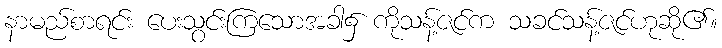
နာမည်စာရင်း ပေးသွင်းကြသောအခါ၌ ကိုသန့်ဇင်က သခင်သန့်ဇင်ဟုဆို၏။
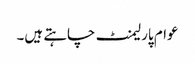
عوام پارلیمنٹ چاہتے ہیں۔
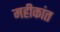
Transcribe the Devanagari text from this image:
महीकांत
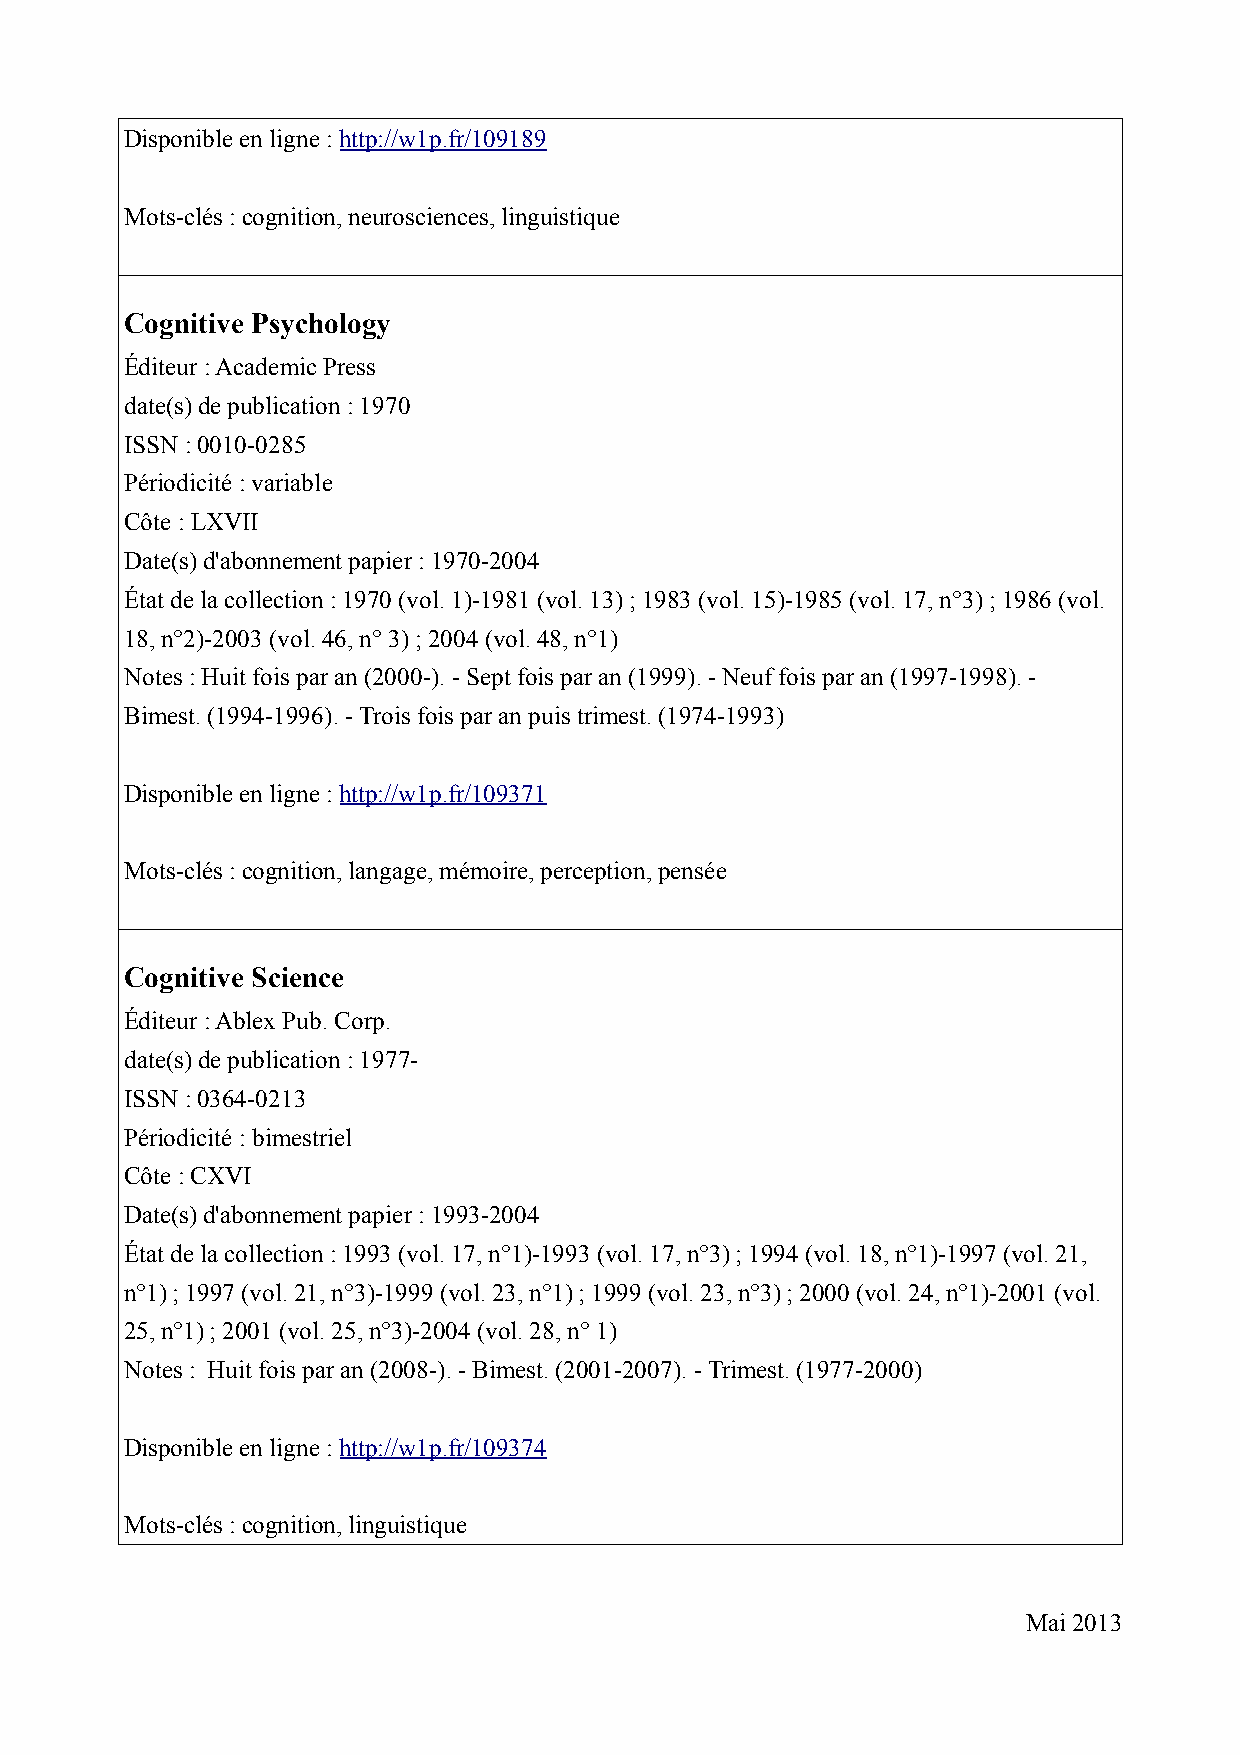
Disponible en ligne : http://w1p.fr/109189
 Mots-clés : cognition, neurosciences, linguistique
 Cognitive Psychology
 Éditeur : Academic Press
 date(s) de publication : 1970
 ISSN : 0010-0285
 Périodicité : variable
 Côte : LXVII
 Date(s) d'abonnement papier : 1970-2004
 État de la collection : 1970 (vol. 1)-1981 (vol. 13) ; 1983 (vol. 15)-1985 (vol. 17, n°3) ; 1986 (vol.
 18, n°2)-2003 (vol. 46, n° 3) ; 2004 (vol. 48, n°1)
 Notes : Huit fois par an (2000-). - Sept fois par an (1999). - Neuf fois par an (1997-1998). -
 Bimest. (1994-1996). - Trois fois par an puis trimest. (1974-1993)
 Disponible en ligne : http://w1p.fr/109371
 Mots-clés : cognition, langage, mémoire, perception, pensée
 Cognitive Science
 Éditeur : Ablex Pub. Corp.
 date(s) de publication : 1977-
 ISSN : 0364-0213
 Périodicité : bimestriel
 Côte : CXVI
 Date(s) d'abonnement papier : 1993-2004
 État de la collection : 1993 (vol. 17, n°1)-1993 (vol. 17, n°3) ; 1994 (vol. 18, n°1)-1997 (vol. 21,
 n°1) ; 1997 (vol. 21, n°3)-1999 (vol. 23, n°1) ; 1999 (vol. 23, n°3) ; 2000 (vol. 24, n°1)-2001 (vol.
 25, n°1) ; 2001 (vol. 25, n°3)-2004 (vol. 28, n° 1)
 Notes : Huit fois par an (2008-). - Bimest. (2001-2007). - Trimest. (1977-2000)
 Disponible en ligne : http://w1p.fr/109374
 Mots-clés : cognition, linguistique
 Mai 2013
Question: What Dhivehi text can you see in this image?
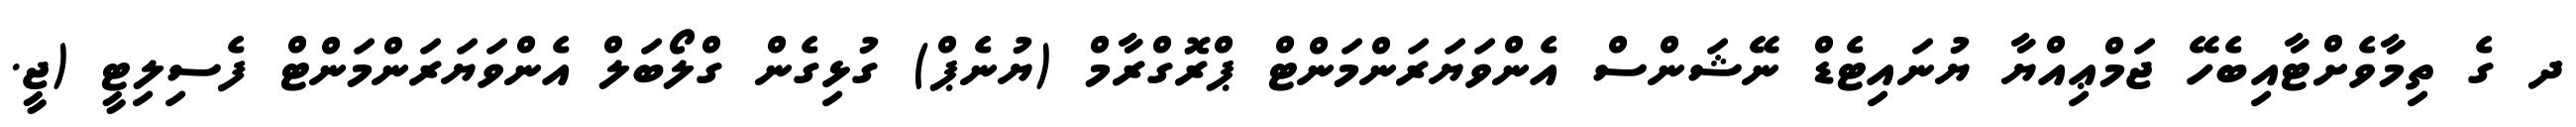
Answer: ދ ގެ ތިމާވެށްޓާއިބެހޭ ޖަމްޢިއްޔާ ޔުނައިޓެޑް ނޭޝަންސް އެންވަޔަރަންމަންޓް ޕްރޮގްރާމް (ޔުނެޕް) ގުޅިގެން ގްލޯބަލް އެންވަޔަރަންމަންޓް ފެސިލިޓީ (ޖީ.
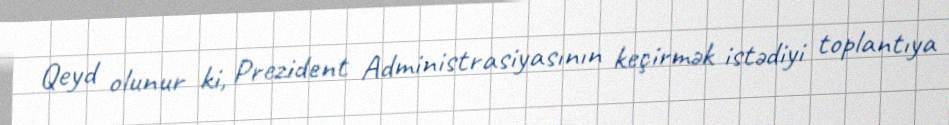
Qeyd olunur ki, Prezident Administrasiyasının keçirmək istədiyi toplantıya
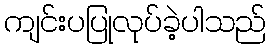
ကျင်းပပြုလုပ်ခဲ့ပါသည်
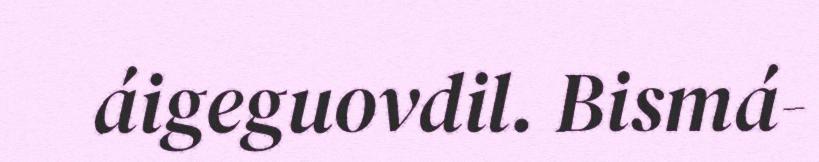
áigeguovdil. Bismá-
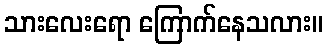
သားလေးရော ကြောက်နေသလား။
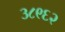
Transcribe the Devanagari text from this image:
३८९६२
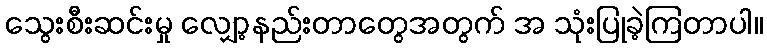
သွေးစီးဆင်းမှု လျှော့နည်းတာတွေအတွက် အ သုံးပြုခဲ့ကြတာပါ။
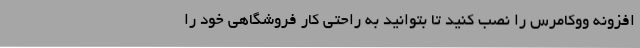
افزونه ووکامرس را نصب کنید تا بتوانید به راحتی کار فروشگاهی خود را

++++

Exercise aim:
When you copy the data above, reproduce each line exactly and skip every image.

Exercise result:
နာမည်စာရင်း ပေးသွင်းကြသောအခါ၌ ကိုသန့်ဇင်က သခင်သန့်ဇင်ဟုဆို၏။
عوام پارلیمنٹ چاہتے ہیں۔
Transcribe the Devanagari text from this image:
महीकांत
Disponible en ligne : http://w1p.fr/109189
 Mots-clés : cognition, neurosciences, linguistique
 Cognitive Psychology
 Éditeur : Academic Press
 date(s) de publication : 1970
 ISSN : 0010-0285
 Périodicité : variable
 Côte : LXVII
 Date(s) d'abonnement papier : 1970-2004
 État de la collection : 1970 (vol. 1)-1981 (vol. 13) ; 1983 (vol. 15)-1985 (vol. 17, n°3) ; 1986 (vol.
 18, n°2)-2003 (vol. 46, n° 3) ; 2004 (vol. 48, n°1)
 Notes : Huit fois par an (2000-). - Sept fois par an (1999). - Neuf fois par an (1997-1998). -
 Bimest. (1994-1996). - Trois fois par an puis trimest. (1974-1993)
 Disponible en ligne : http://w1p.fr/109371
 Mots-clés : cognition, langage, mémoire, perception, pensée
 Cognitive Science
 Éditeur : Ablex Pub. Corp.
 date(s) de publication : 1977-
 ISSN : 0364-0213
 Périodicité : bimestriel
 Côte : CXVI
 Date(s) d'abonnement papier : 1993-2004
 État de la collection : 1993 (vol. 17, n°1)-1993 (vol. 17, n°3) ; 1994 (vol. 18, n°1)-1997 (vol. 21,
 n°1) ; 1997 (vol. 21, n°3)-1999 (vol. 23, n°1) ; 1999 (vol. 23, n°3) ; 2000 (vol. 24, n°1)-2001 (vol.
 25, n°1) ; 2001 (vol. 25, n°3)-2004 (vol. 28, n° 1)
 Notes : Huit fois par an (2008-). - Bimest. (2001-2007). - Trimest. (1977-2000)
 Disponible en ligne : http://w1p.fr/109374
 Mots-clés : cognition, linguistique
 Mai 2013
Question: What Dhivehi text can you see in this image?
Answer: ދ ގެ ތިމާވެށްޓާއިބެހޭ ޖަމްޢިއްޔާ ޔުނައިޓެޑް ނޭޝަންސް އެންވަޔަރަންމަންޓް ޕްރޮގްރާމް (ޔުނެޕް) ގުޅިގެން ގްލޯބަލް އެންވަޔަރަންމަންޓް ފެސިލިޓީ (ޖީ.
Qeyd olunur ki, Prezident Administrasiyasının keçirmək istədiyi toplantıya
ကျင်းပပြုလုပ်ခဲ့ပါသည်
áigeguovdil. Bismá-
သားလေးရော ကြောက်နေသလား။
Transcribe the Devanagari text from this image:
३८९६२
သွေးစီးဆင်းမှု လျှော့နည်းတာတွေအတွက် အ သုံးပြုခဲ့ကြတာပါ။
افزونه ووکامرس را نصب کنید تا بتوانید به راحتی کار فروشگاهی خود را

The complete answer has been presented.